◆ WHAT YOU SHOULD DO
The copy you give must match the records exactly, except that it holds no images.

________________

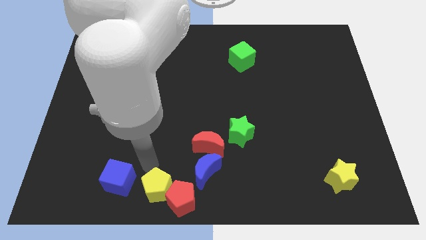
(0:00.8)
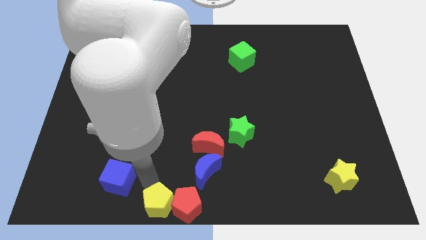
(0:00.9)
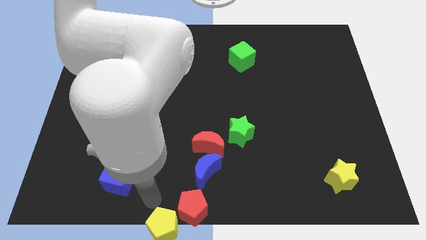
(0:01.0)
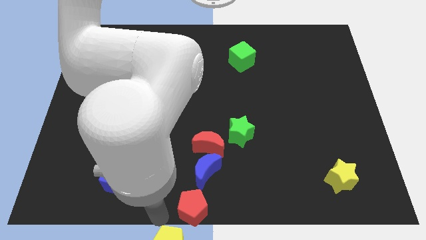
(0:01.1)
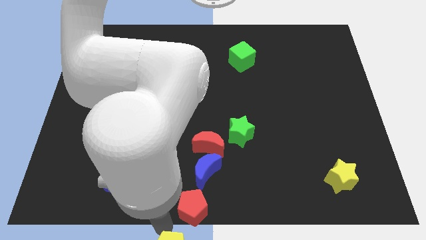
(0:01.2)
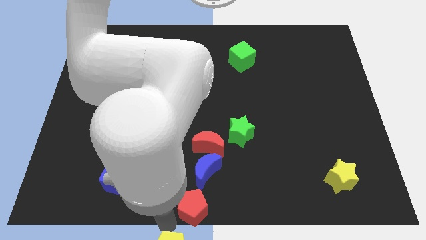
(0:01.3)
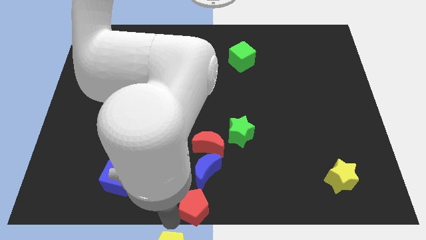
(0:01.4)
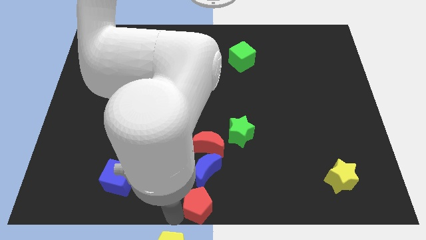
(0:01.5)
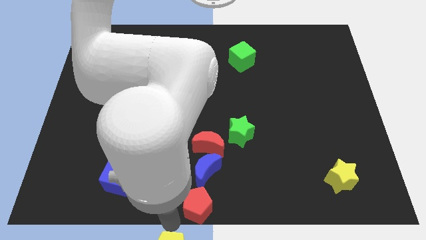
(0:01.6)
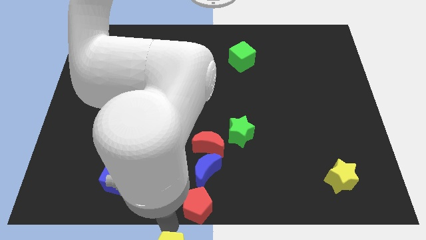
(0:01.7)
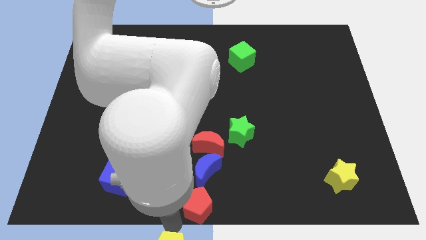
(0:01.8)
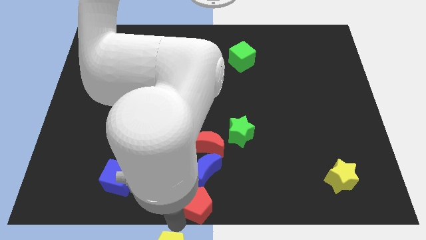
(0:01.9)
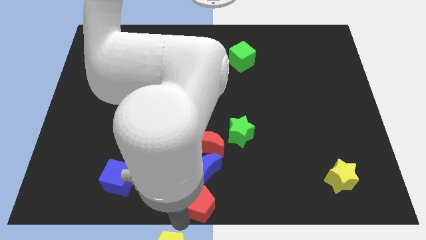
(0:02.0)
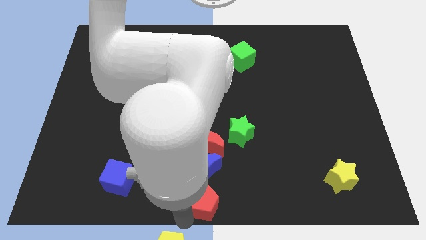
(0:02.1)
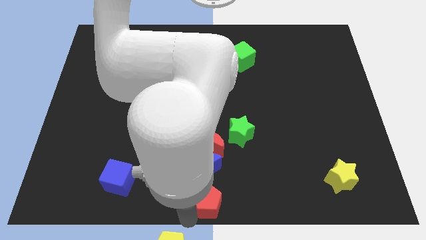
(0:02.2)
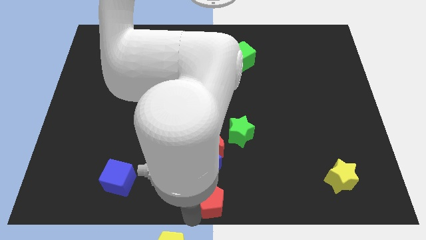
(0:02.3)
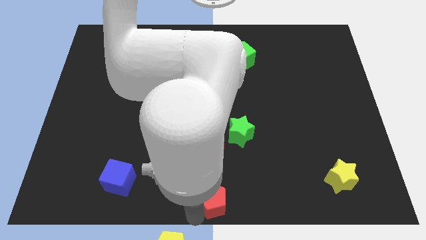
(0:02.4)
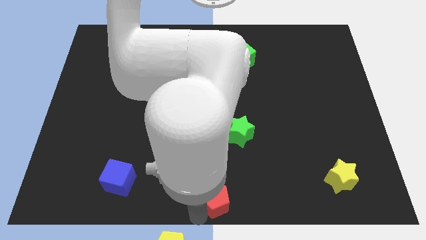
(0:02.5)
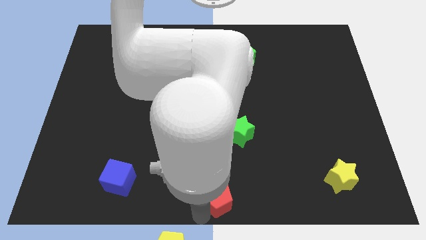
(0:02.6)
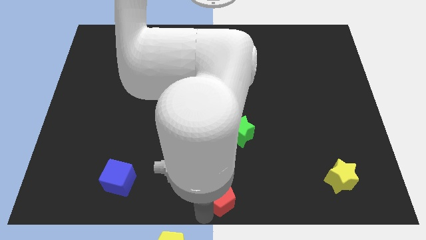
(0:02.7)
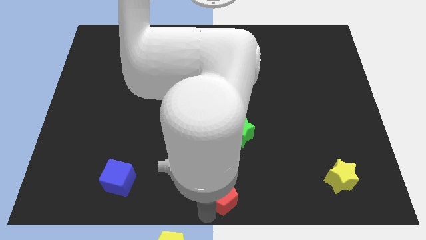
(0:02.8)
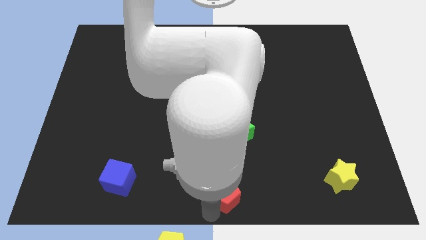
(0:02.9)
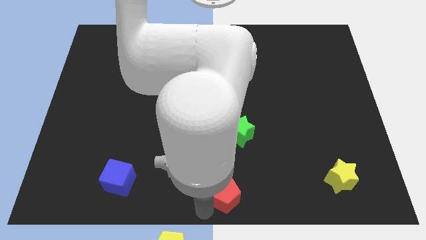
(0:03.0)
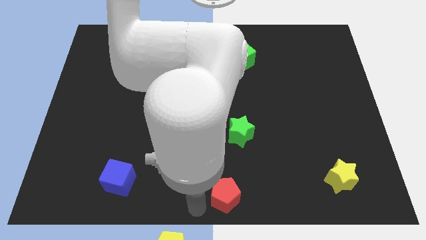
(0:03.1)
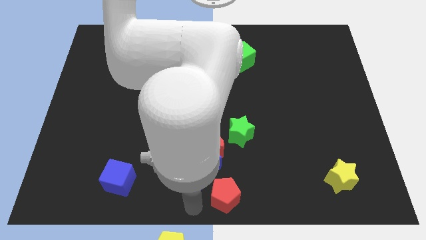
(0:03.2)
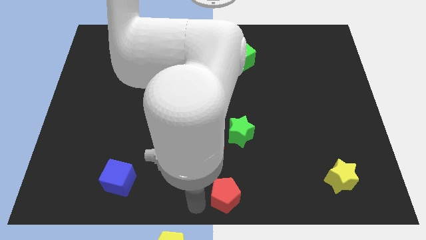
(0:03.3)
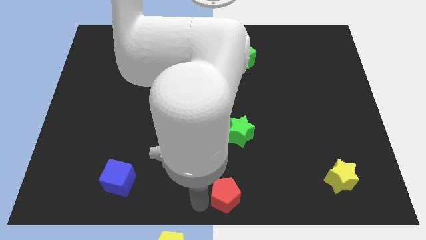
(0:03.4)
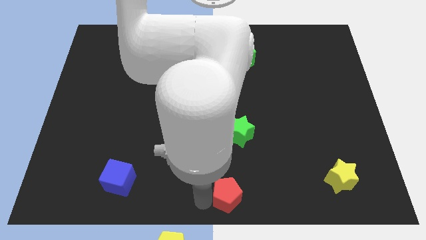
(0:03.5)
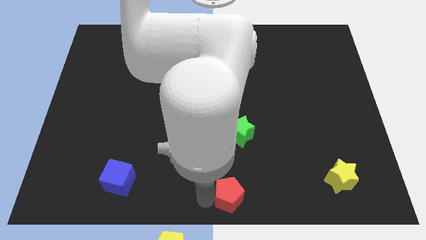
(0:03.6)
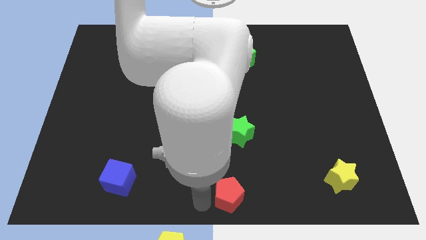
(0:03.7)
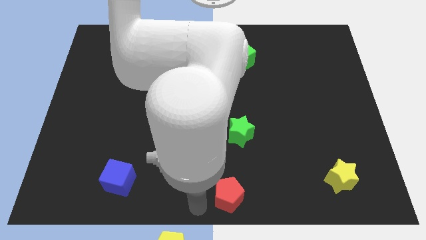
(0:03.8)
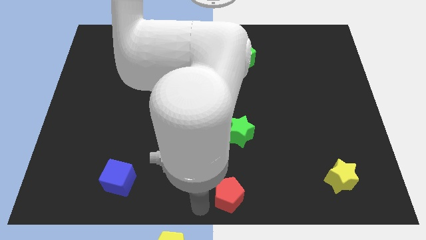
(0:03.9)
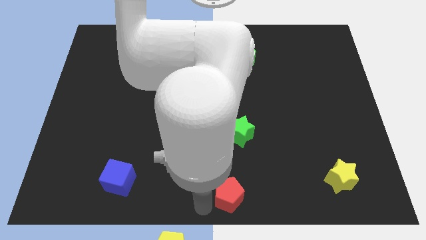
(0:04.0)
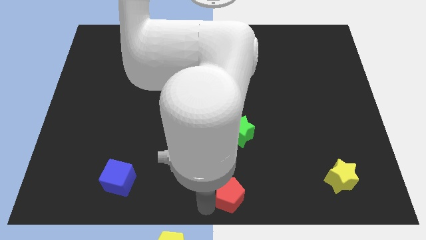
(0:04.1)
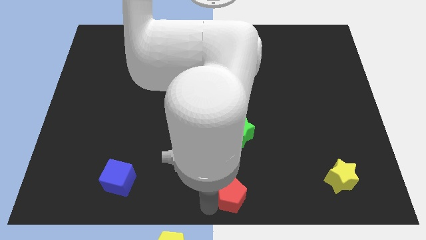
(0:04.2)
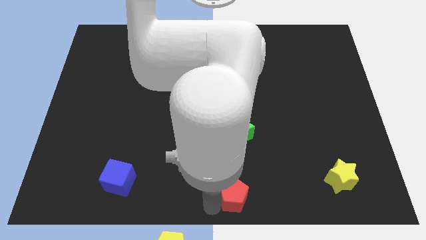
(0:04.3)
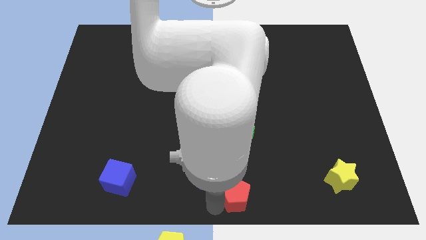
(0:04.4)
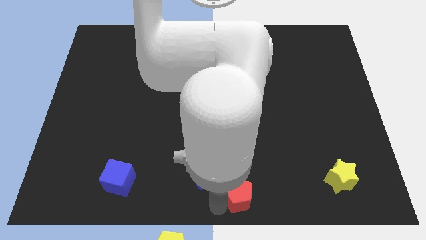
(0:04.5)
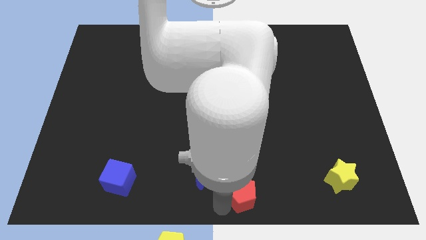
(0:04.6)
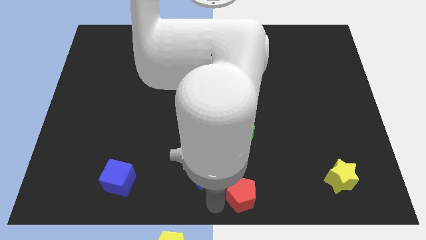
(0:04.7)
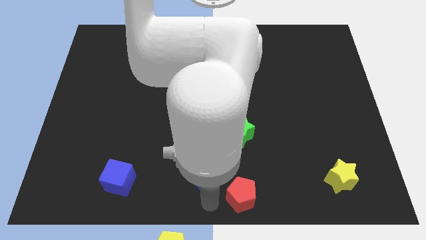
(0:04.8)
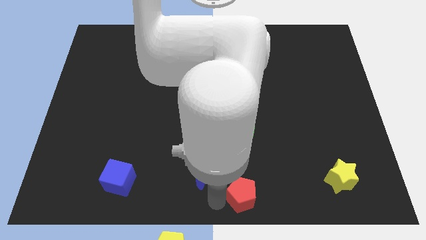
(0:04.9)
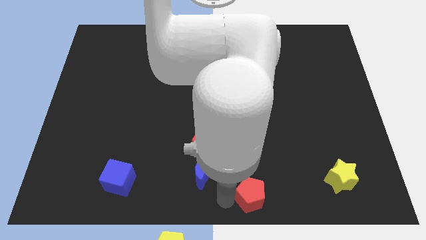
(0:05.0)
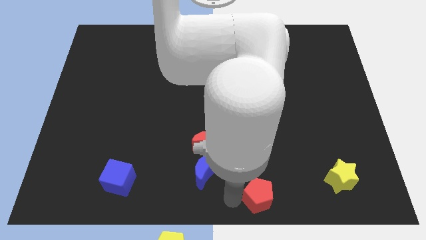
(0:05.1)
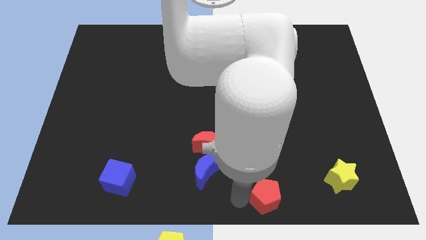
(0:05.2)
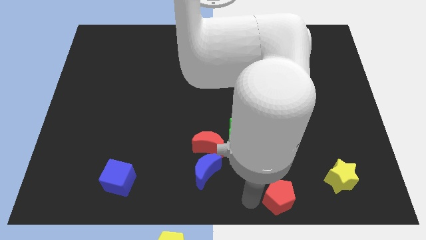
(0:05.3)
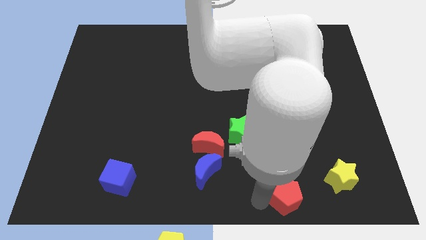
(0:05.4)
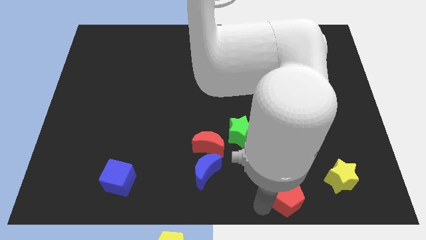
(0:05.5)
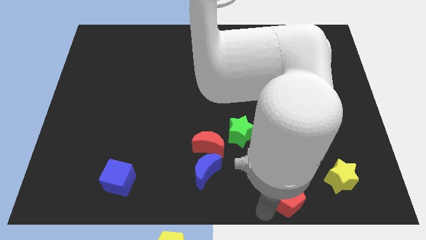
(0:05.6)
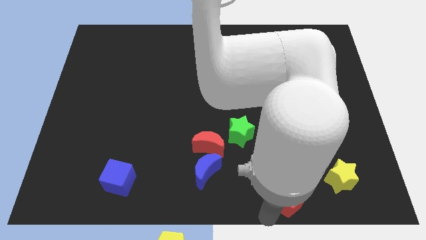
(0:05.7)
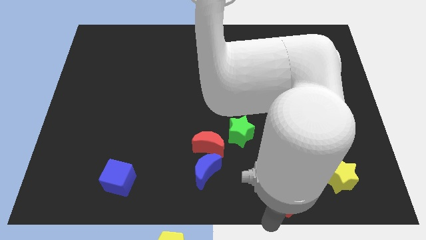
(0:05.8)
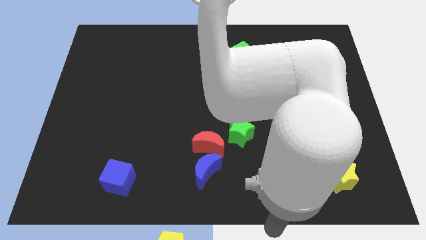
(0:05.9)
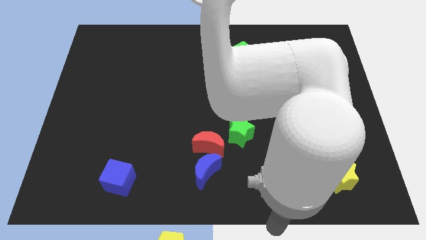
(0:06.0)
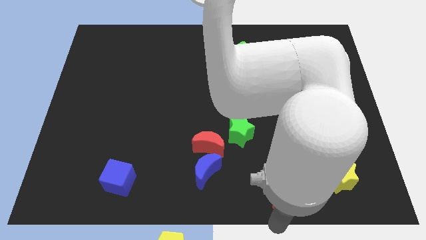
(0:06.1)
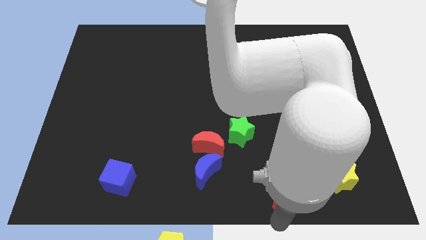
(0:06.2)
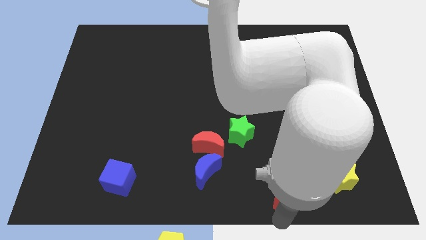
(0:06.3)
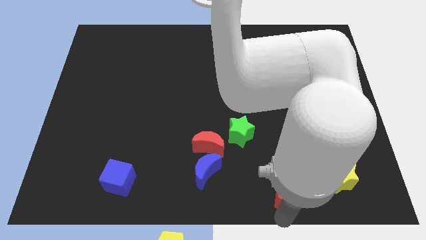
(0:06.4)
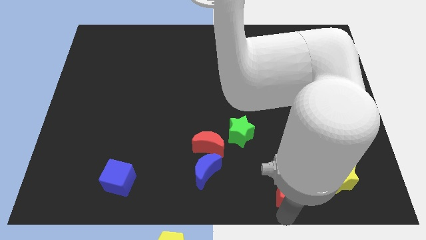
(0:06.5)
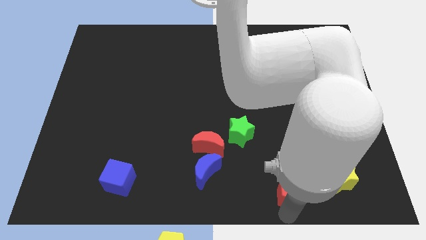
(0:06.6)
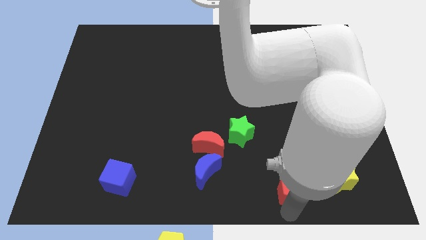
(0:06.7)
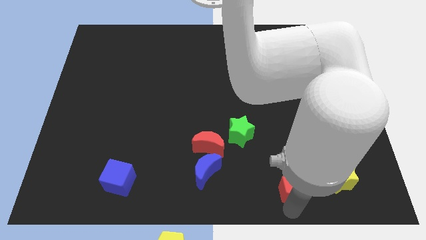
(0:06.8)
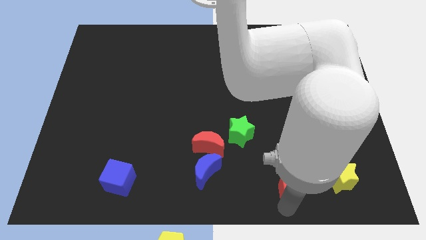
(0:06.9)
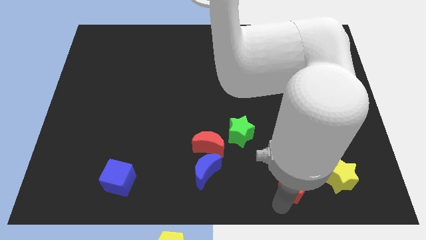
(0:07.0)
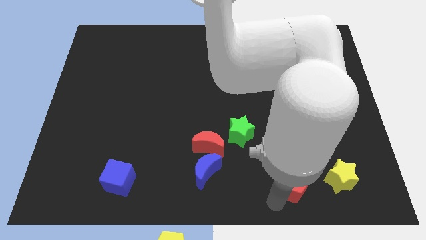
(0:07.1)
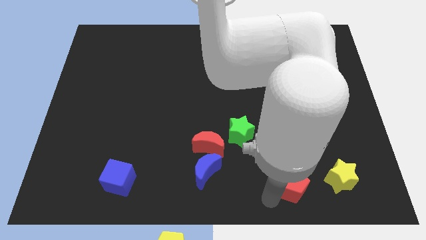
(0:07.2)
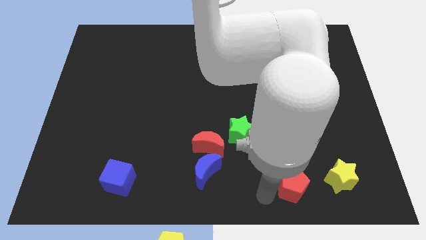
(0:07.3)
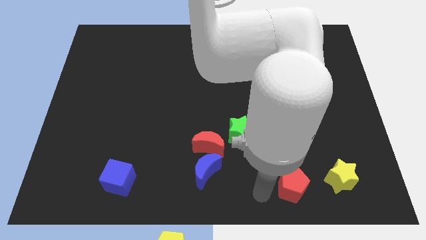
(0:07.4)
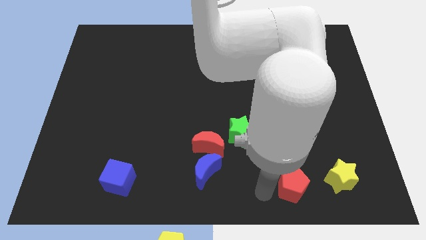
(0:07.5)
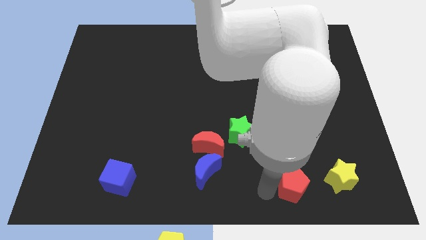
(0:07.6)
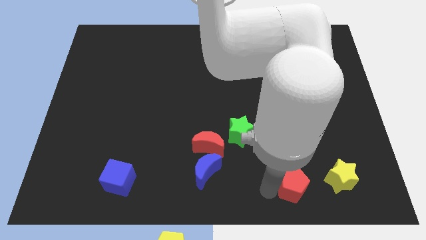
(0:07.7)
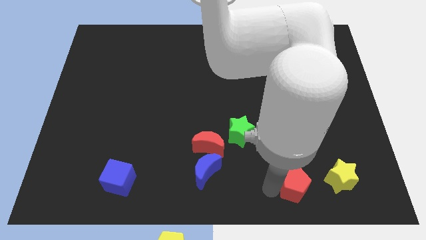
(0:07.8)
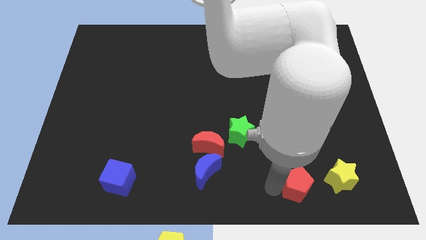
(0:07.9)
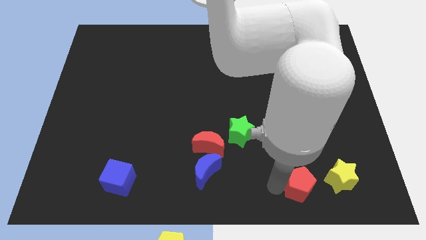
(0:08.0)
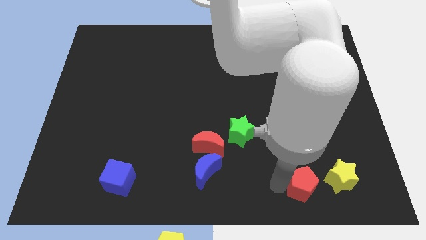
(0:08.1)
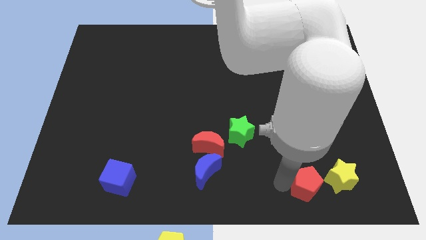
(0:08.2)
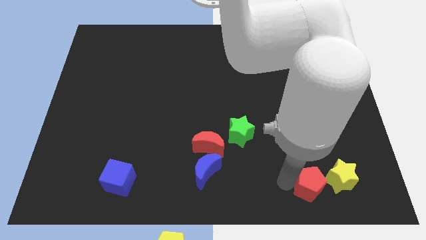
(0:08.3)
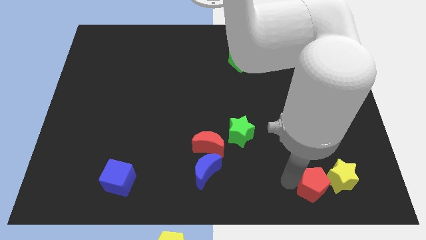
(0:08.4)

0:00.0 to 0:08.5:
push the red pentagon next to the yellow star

________________

◆ ANSWER AREA
(0:00.8)
(0:00.9)
(0:01.0)
(0:01.1)
(0:01.2)
(0:01.3)
(0:01.4)
(0:01.5)
(0:01.6)
(0:01.7)
(0:01.8)
(0:01.9)
(0:02.0)
(0:02.1)
(0:02.2)
(0:02.3)
(0:02.4)
(0:02.5)
(0:02.6)
(0:02.7)
(0:02.8)
(0:02.9)
(0:03.0)
(0:03.1)
(0:03.2)
(0:03.3)
(0:03.4)
(0:03.5)
(0:03.6)
(0:03.7)
(0:03.8)
(0:03.9)
(0:04.0)
(0:04.1)
(0:04.2)
(0:04.3)
(0:04.4)
(0:04.5)
(0:04.6)
(0:04.7)
(0:04.8)
(0:04.9)
(0:05.0)
(0:05.1)
(0:05.2)
(0:05.3)
(0:05.4)
(0:05.5)
(0:05.6)
(0:05.7)
(0:05.8)
(0:05.9)
(0:06.0)
(0:06.1)
(0:06.2)
(0:06.3)
(0:06.4)
(0:06.5)
(0:06.6)
(0:06.7)
(0:06.8)
(0:06.9)
(0:07.0)
(0:07.1)
(0:07.2)
(0:07.3)
(0:07.4)
(0:07.5)
(0:07.6)
(0:07.7)
(0:07.8)
(0:07.9)
(0:08.0)
(0:08.1)
(0:08.2)
(0:08.3)
(0:08.4)

0:00.0 to 0:08.5:
push the red pentagon next to the yellow star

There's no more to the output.